● **Stored data entries**:
*** Begin section ***
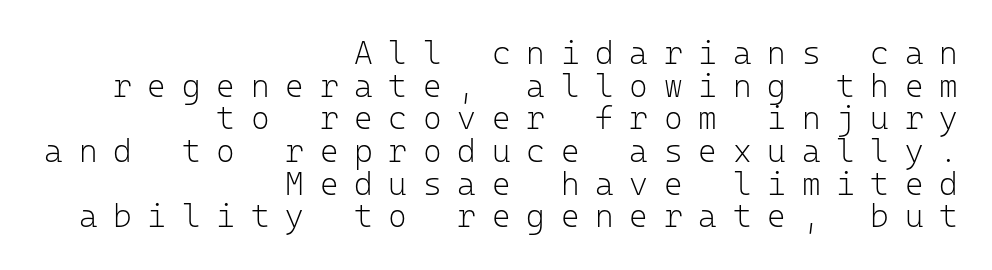
The image shows 32 px light sans-serif type, upright, monospaced; set right-aligned, tight line spacing (1.02x), unusually wide letter spacing (+0.49 em), not underlined; low stroke contrast and a medium x-height.
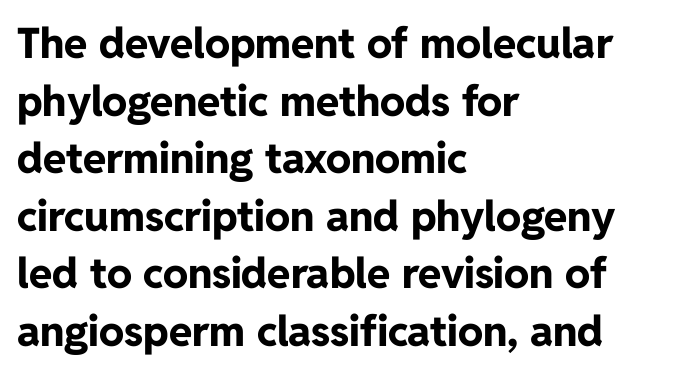
A typesetter would call this leading conventional body-copy spacing. The letters sit at their default tracking, neither squeezed nor spread. The designer went with a sans here, leaving each stem footless. The passage shown is emphatically bold. Every stem runs plumb, perpendicular to the baseline. Decoration check: the copy has no underline.
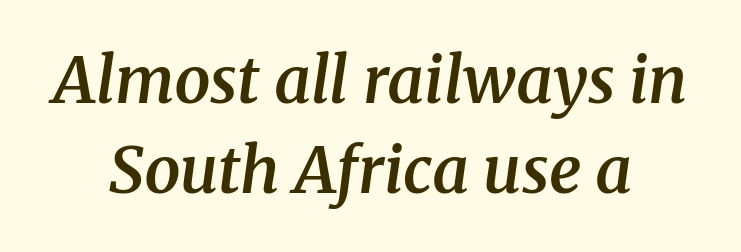
The image shows 64 px semibold serif type, italic (leaning right); set centered, normal line spacing (1.41x), normal letter spacing, not underlined; medium stroke contrast and a medium x-height.
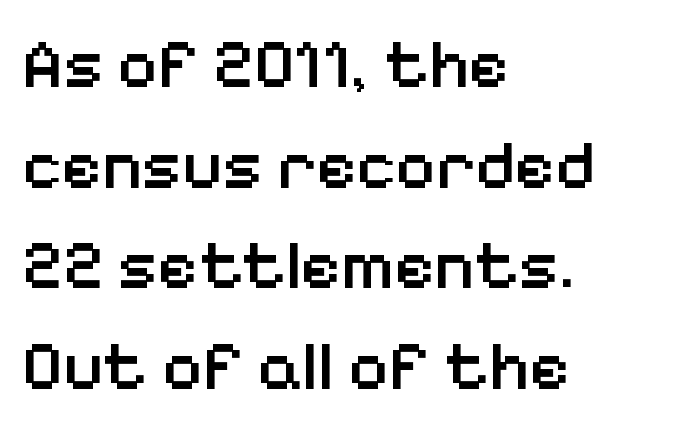
Q: Is the text bold? A: Semi-bold.
Q: Is the text italic (slanted)? A: No, it is upright.
Q: Is the typeface a serif or a sans-serif typeface? A: Sans-serif.
Q: Is the text underlined? A: No.
Q: How is the paragraph aligned? A: Left-aligned.
Q: Is the spacing between letters normal or unusually wide? A: Normal.
Q: Is the spacing between lines tight, normal or loose? A: Normal.
Q: Width (condensed, normal, or wide)? A: Normal.
Q: Stroke contrast? A: Low.
Q: x-height? A: Medium.
Q: Monospaced? A: No.
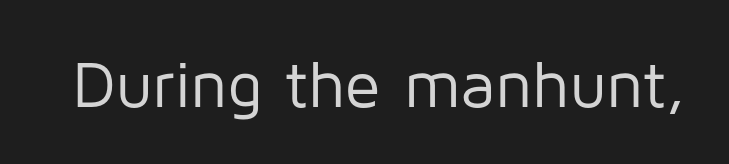
Q: Is the text bold? A: No.
Q: Is the text italic (slanted)? A: No, it is upright.
Q: Is the typeface a serif or a sans-serif typeface? A: Sans-serif.
Q: Is the text underlined? A: No.
Q: Is the spacing between letters normal or unusually wide? A: Normal.
Q: Width (condensed, normal, or wide)? A: Normal.
Q: Stroke contrast? A: Low.
Q: x-height? A: Medium.
Q: Monospaced? A: No.
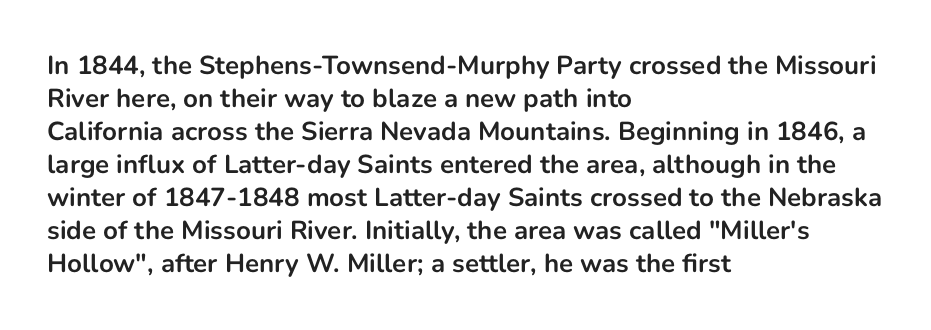
The leading is moderate, giving the passage an even texture. A dark, heavy texture on the line: the type is bold. Descenders hang freely into open space. Letter spacing: default. Notice how the passage keeps a crisp vertical edge on the left only. This is roman type, the default non-slanted kind.
*** End section ***
● **PROMPT**:
Reproduce the data above verbatim, minus any images.

● **YOUR RESPONSE**:
The image shows 32 px light sans-serif type, upright, monospaced; set right-aligned, tight line spacing (1.02x), unusually wide letter spacing (+0.49 em), not underlined; low stroke contrast and a medium x-height.
A typesetter would call this leading conventional body-copy spacing. The letters sit at their default tracking, neither squeezed nor spread. The designer went with a sans here, leaving each stem footless. The passage shown is emphatically bold. Every stem runs plumb, perpendicular to the baseline. Decoration check: the copy has no underline.
The image shows 64 px semibold serif type, italic (leaning right); set centered, normal line spacing (1.41x), normal letter spacing, not underlined; medium stroke contrast and a medium x-height.
Q: Is the text bold? A: Semi-bold.
Q: Is the text italic (slanted)? A: No, it is upright.
Q: Is the typeface a serif or a sans-serif typeface? A: Sans-serif.
Q: Is the text underlined? A: No.
Q: How is the paragraph aligned? A: Left-aligned.
Q: Is the spacing between letters normal or unusually wide? A: Normal.
Q: Is the spacing between lines tight, normal or loose? A: Normal.
Q: Width (condensed, normal, or wide)? A: Normal.
Q: Stroke contrast? A: Low.
Q: x-height? A: Medium.
Q: Monospaced? A: No.
Q: Is the text bold? A: No.
Q: Is the text italic (slanted)? A: No, it is upright.
Q: Is the typeface a serif or a sans-serif typeface? A: Sans-serif.
Q: Is the text underlined? A: No.
Q: Is the spacing between letters normal or unusually wide? A: Normal.
Q: Width (condensed, normal, or wide)? A: Normal.
Q: Stroke contrast? A: Low.
Q: x-height? A: Medium.
Q: Monospaced? A: No.
The leading is moderate, giving the passage an even texture. A dark, heavy texture on the line: the type is bold. Descenders hang freely into open space. Letter spacing: default. Notice how the passage keeps a crisp vertical edge on the left only. This is roman type, the default non-slanted kind.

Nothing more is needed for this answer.